Giter Club home page Giter Club logo

morpheus's Introduction

Introduction

Sparse matrices are a key component of the performance critical computations in many numerical simulations. A desire to represent sparse matrices efficiently in memory and optimise , in particular given the evolution of hardware architectures, has over the years led to the development of a plethora of sparse matrix storage formats. Each format is designed to exploit the particular strengths of an architecture or the specific sparsity pattern of a matrix. The choice of the format can be crucial in order to achieve optimal performance. Being able to dynamically select storage formats at runtime is therefore highly desirable.

Morpheus, is a library of sparse matrix storage formats that is designed for efficient and transparent format switching across architectures without introducing prohibitive overheads and that, at the same time, enables the straightforward addition of new storage formats without major application code changes. The library has a functional design which separates the containers that implement the storage formats from the algorithm that implement operations such as multiplication. Each container is aware of the memory space it resides in, and the algorithms require knowledge of the execution space that they will be running in. This design allows Morpheus to target multiple heterogeneous architectures.

To enable efficient yet flexible dynamic switching, Morpheus uses the std::variant introduced in C++17 - hence it requires a C++17 compliant compiler - as a type-safe union. It offers a polymorphic variable called DynamicMatrix which abstracts the notion of sparse matrix storage formats away from users and can hold any of the supported formats internally.

Installation

A very basic installation using CMake is done with:

$ cmake ${srcdir} \
   -DCMAKE_CXX_COMPILER=g++ \
   -DCMAKE_INSTALL_PREFIX=${my_install_folder}
   -DKokkos_ROOT=${kokkos_install_prefix}
$ make
$ make install

which configures, builds and installs a default Morpheus. Note that Morpheus REQUIRES Kokkos v.3.5.0 to be installed. Note that Morpheus inherits the enabled devices and compiler optimization flags from Kokkos.

Once Morpheus is installed In your CMakeLists.txt simply use:

find_package(Morpheus REQUIRED)

Then for every executable or library in your project:

target_link_libraries(myTarget Morpheus::morpheus)

More information can be found at BUILD.md

Documentation

Documentation can be found here.

Supported Formats

Format Container Serial OpenMP CUDA HIP Kokkos
Coo CooMatrix yes yes yes yes no
Csr CsrMatrix yes yes yes yes yes
Dia DiaMatrix yes yes yes yes yes

Specifying a container

To define a container we need to specify four template parameters:

  • ValueType: The type of the values the container will hold.
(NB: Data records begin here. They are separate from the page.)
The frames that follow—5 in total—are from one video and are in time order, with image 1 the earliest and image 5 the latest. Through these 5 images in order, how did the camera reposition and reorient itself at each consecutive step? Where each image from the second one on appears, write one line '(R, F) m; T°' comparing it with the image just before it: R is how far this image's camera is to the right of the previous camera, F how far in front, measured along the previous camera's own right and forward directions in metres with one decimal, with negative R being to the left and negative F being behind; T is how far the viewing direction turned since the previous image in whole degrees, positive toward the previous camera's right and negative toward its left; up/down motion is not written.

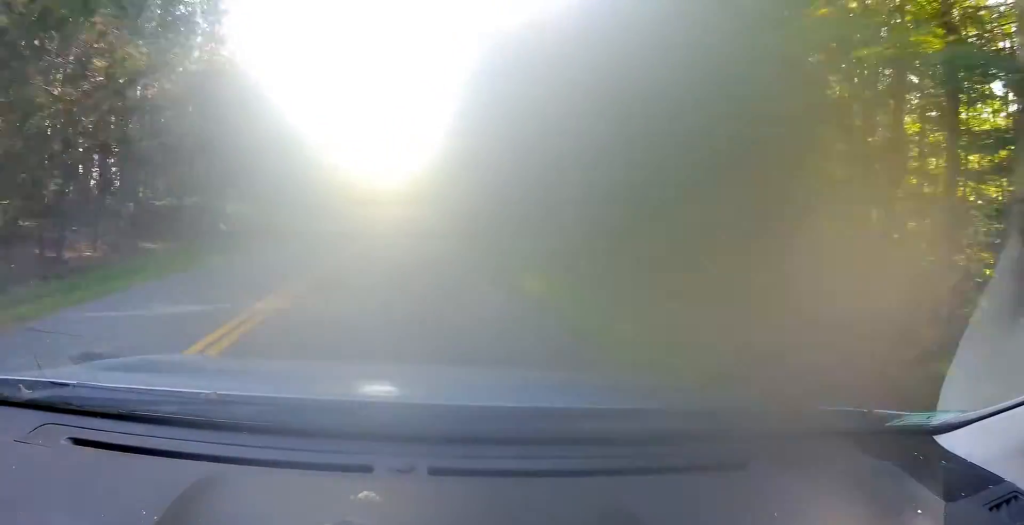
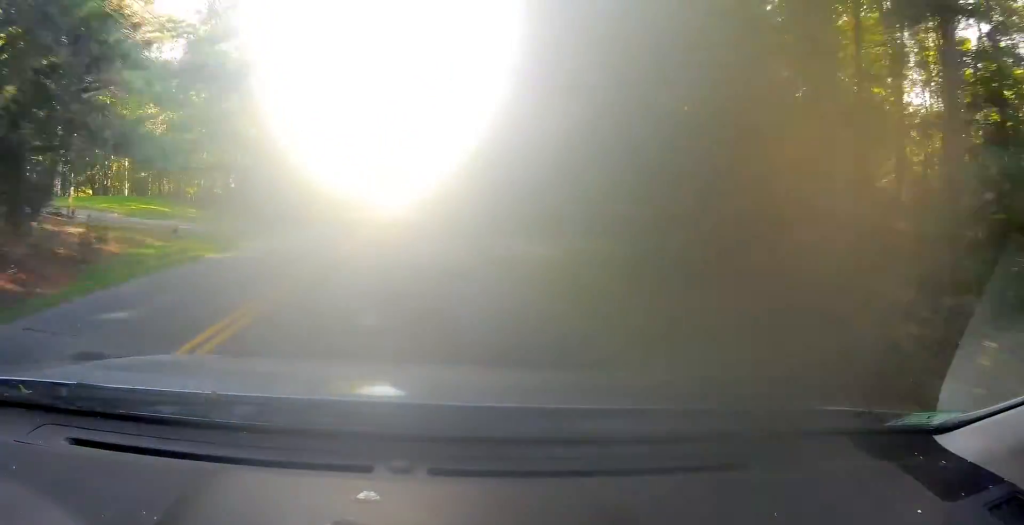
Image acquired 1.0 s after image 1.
(0.0, +21.6) m; 0°
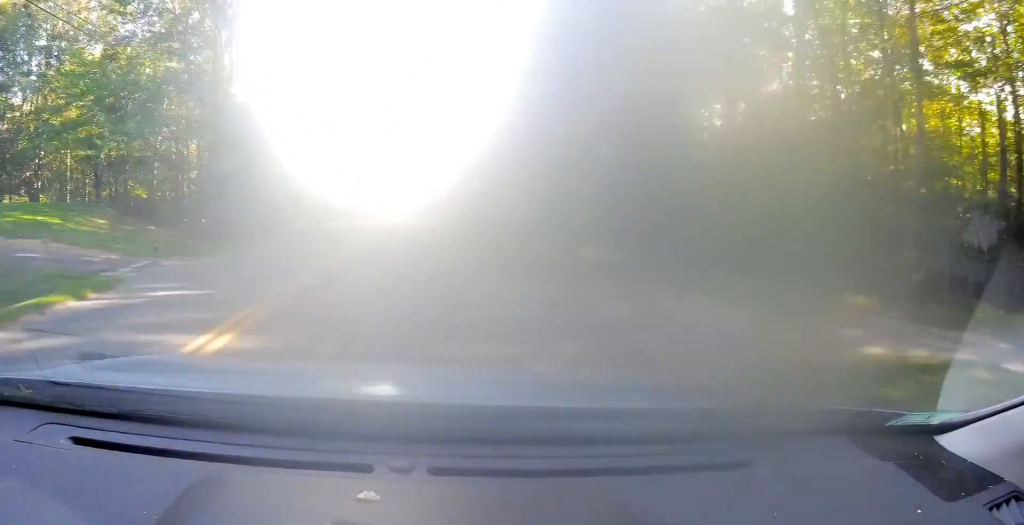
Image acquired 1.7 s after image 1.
(0.0, +13.3) m; 0°
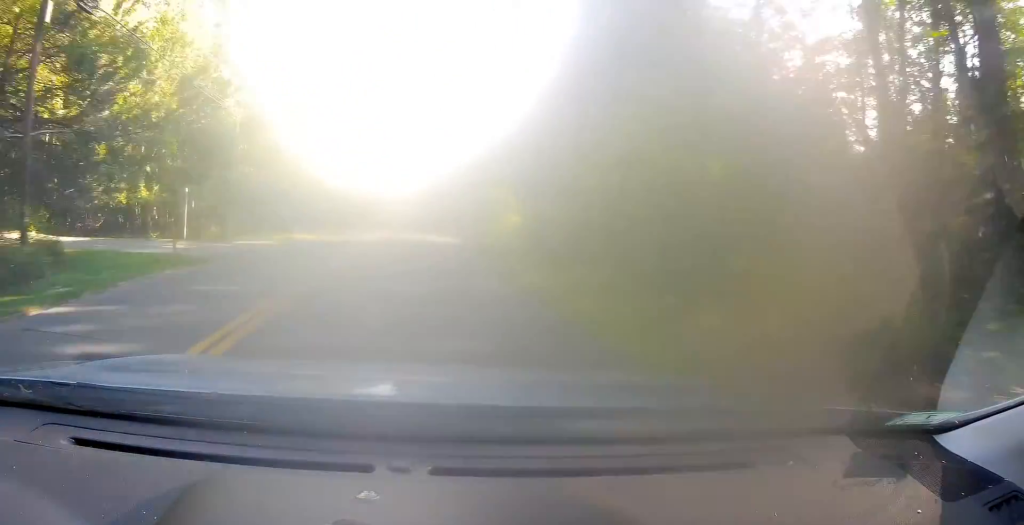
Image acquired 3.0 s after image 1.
(+0.3, +28.6) m; +2°
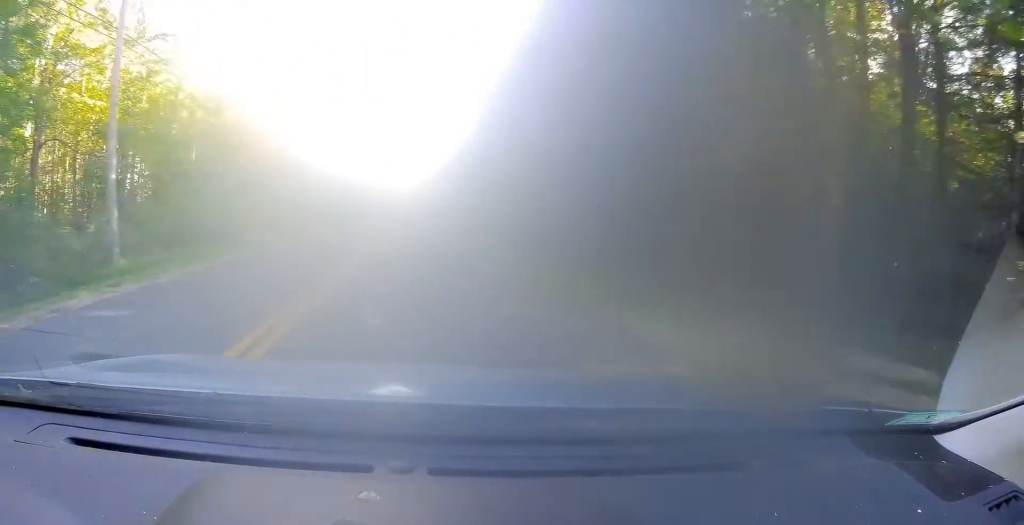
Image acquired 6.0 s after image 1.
(-0.6, +69.7) m; -2°

Valid types must satisfy std::is_arithmetic i.e to be an arithmetic type.
  • IndexType: The type of the indices the container will hold. Valid types must satisfy std::is_integral i.e to be an integral type.
  • Layout: Orientation of data in memory. Valid layouts are either Kokkos::LayoutLeft (Column-Major) or Kokkos::LayoutRight (Row-Major).
  • Space: A memory or execution space supported by Morpheus.
    • Valid Memory Spaces are HostSpace, CudaSpace and HIPSpace.
    • Valid Execution Spaces are Serial, OpenMP, Cuda and HIP.
    • Spaces can be Generic or Custom by specifying the appropriate namespace eg: Morpheus::Generic::HostSpace and Morpheus::Custom::HostSpace represent the generic and custom Host Memory space respectively.
    • Note that specifying the execution space will determine in which space each member function will be executed. By not providing a space parameter Morpheus will choose a default one for you.

Note that only ValueType is mandatory. For the rest of the arguments, if not provided, sensible defaults will be selected.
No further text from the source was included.